Some of the issues identified by the BVA will be familiar to those who were involved in the FMD outbreak of 2001 and, indeed, have cropped up more than once in various other real disease outbreaks and disease simulation exercises since (see, for example, VR, October 20, 2007, 161, p 537). They include the need to clarify arrangements for the recruitment and deployment of the extra Official Veterinarians that are needed to help deal with a large-scale outbreak. This is something that should happen in ‘peace time’, not when an outbreak is happening. It was an issue in the early stages of the outbreak in 2001 and it is worrying that it still seems to be an issue 10 years later, particularly in view of the changes in veterinary practice that have occurred in the interim.
Also of concern is that the exercise identified a need to educate the food industry and consumers about the pros and cons of vaccinating animals against FMD, and the role that vaccination can play alongside culling to control and eradicate the disease. The inability to vaccinate animals because of the implications for trade caused difficulties and proved highly controversial in 2001, to the extent that international rules have since been changed and specific provision for emergency vaccination is now made in contingency plans. Ten years on, it remains important that the issues surrounding vaccination are fully understood, especially if, as recommended by the official inquiries after the outbreak, a ‘vaccination to live’ policy is to be implemented. In this context, it is perhaps fitting that the Scottish Government, NFU Scotland and the Moredun Research Institute plan to mark the 10th anniversary by holding an expert meeting on this topic in March.

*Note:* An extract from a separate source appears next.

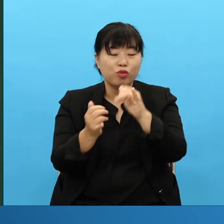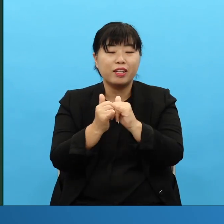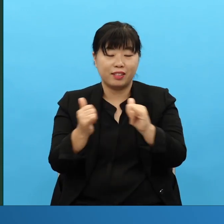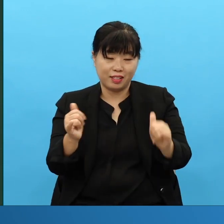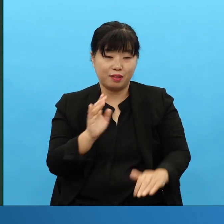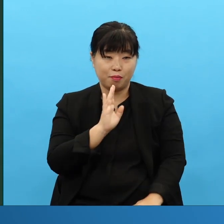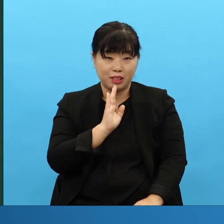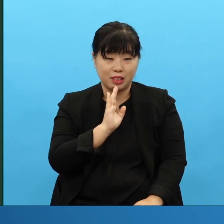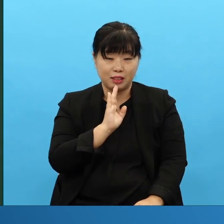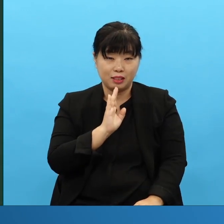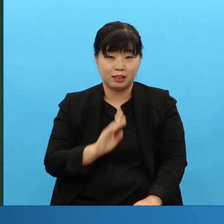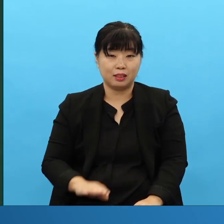앞으로 정복하겠죠
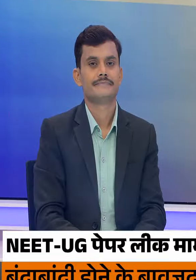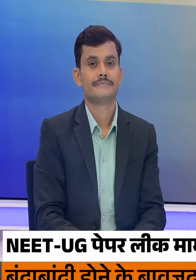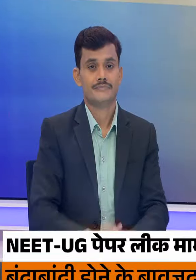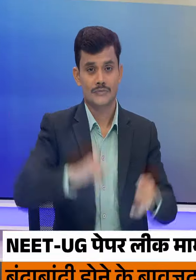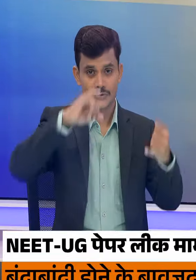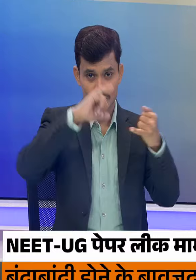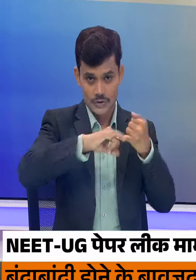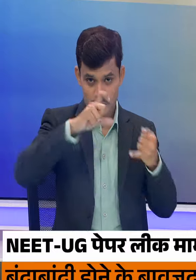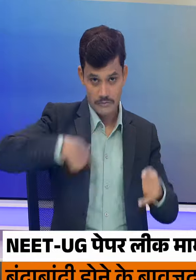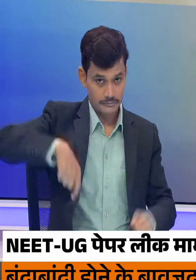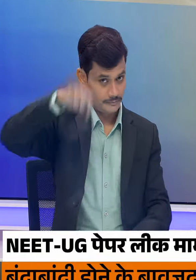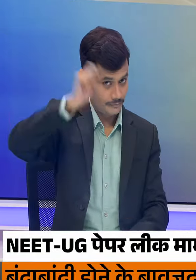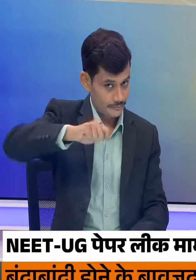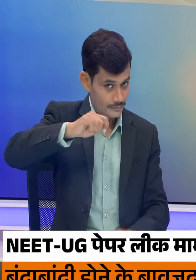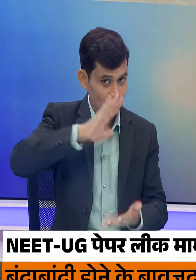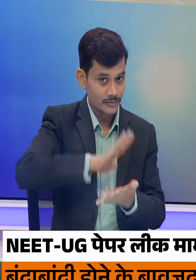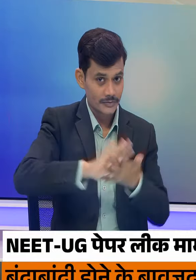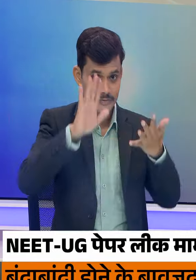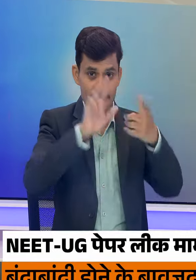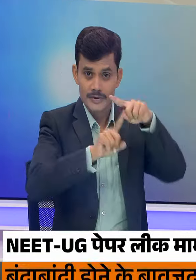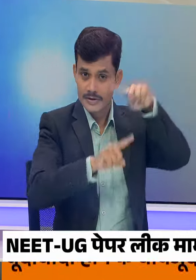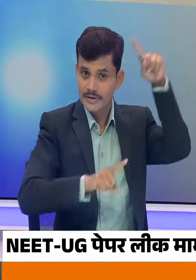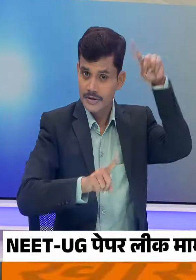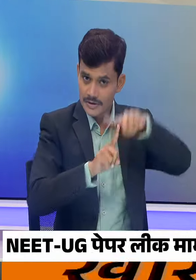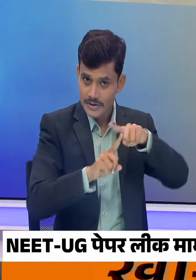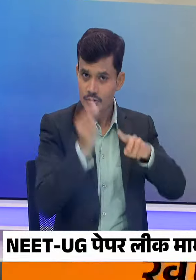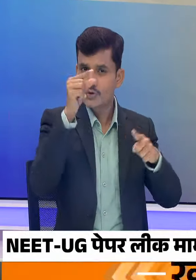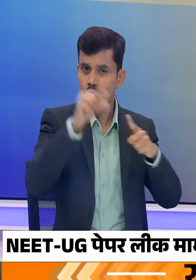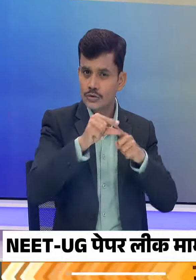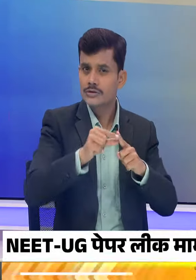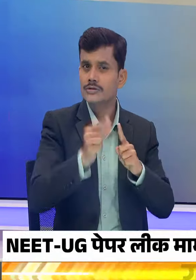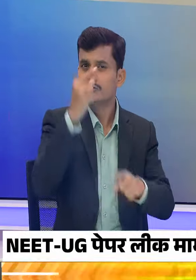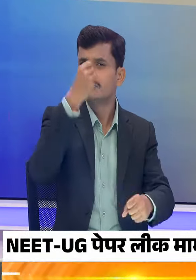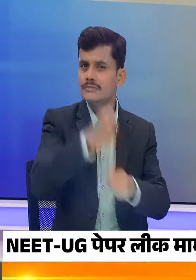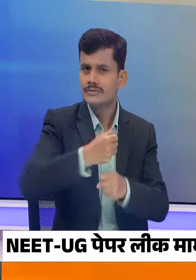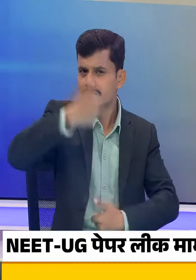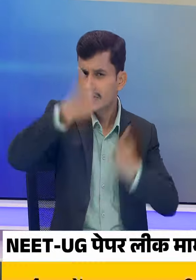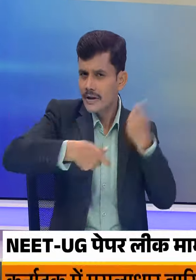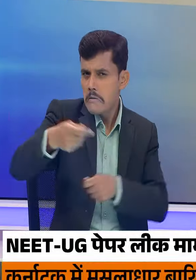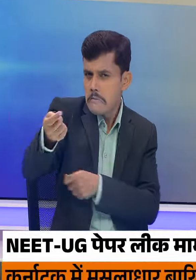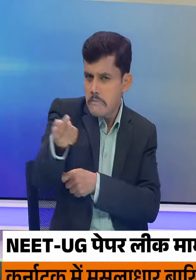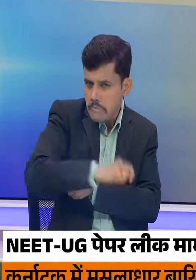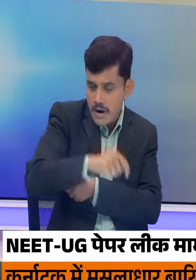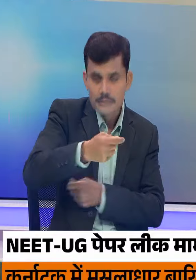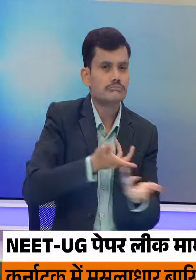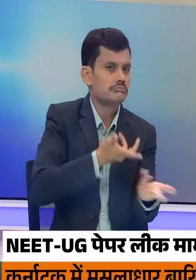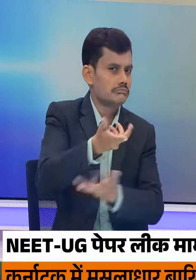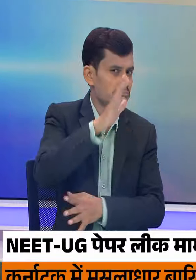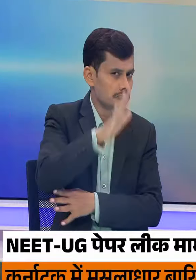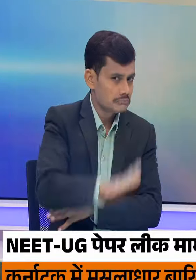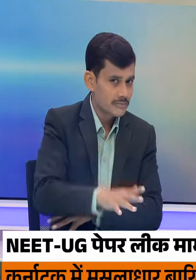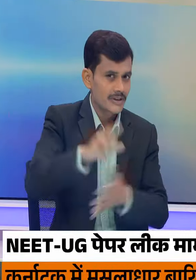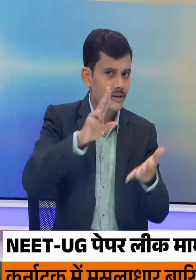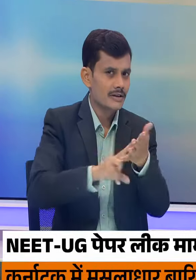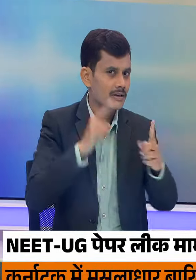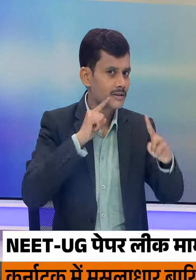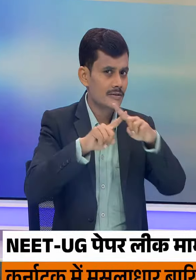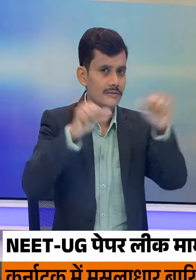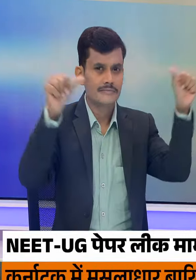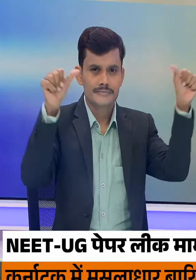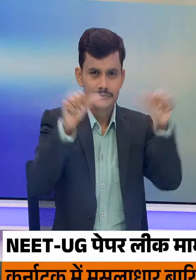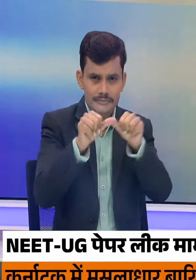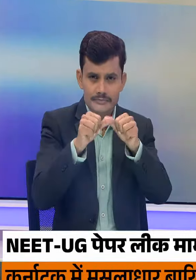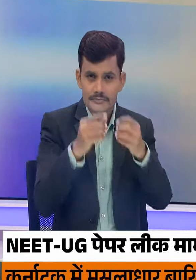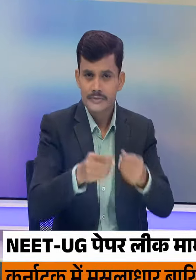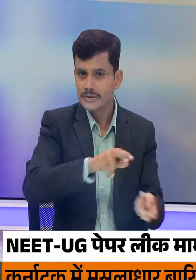सुप्रेम कोच में आज नीच यूची पेपर लीक मामले में होकी सुनवाई एंट ये द्वारा इस्थानांत्रण की मांग से जुड़ी चालिस

The National Audit Office estimated in 2005 that the 2001 FMD outbreak cost British taxpayers more than £3 billion, and put the costs to the wider economy at about £5 billion. It is because the economic and other consequences are so serious that prevention and surveillance are so necessary and, in view of this, news of impending changes to the Veterinary Laboratories Agency's programme of scanning surveillance, including a reduction in the number of its regional laboratories (see p 117 of this issue), must be viewed with concern. Scanning surveillance played an essential role in detecting BSE in the late 1980s – a disease of public health as well as animal health significance that turned out to be costly in its own right. The Government may be committed to reducing public spending but it should be aware that, in the long run, skimping on surveillance could prove to be very expensive indeed.